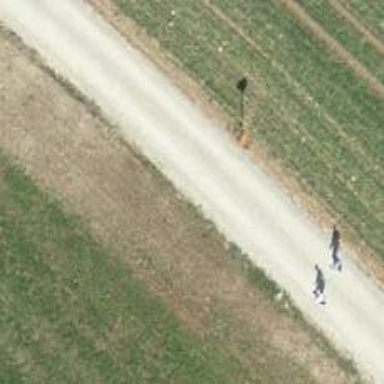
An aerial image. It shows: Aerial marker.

═══

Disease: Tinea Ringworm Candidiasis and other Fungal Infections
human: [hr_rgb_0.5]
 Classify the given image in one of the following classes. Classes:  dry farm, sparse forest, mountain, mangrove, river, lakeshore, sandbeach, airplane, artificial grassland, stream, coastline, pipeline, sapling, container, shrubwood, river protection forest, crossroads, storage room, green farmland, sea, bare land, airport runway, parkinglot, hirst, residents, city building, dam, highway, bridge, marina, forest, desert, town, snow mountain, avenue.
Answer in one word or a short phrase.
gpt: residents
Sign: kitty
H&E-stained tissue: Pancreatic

═══

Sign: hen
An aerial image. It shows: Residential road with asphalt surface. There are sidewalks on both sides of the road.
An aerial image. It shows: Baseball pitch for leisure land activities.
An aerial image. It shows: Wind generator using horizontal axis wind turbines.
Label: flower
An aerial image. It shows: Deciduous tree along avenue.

═══

▶ [Task brief]
Among the lines above, repeat exactly those from the line with "Answer in one word or a short phrase." to the line with "H&E-stained tissue: Pancreatic", counting both ends.

▶ [Written solution]
Answer in one word or a short phrase.
gpt: residents
Sign: kitty
H&E-stained tissue: Pancreatic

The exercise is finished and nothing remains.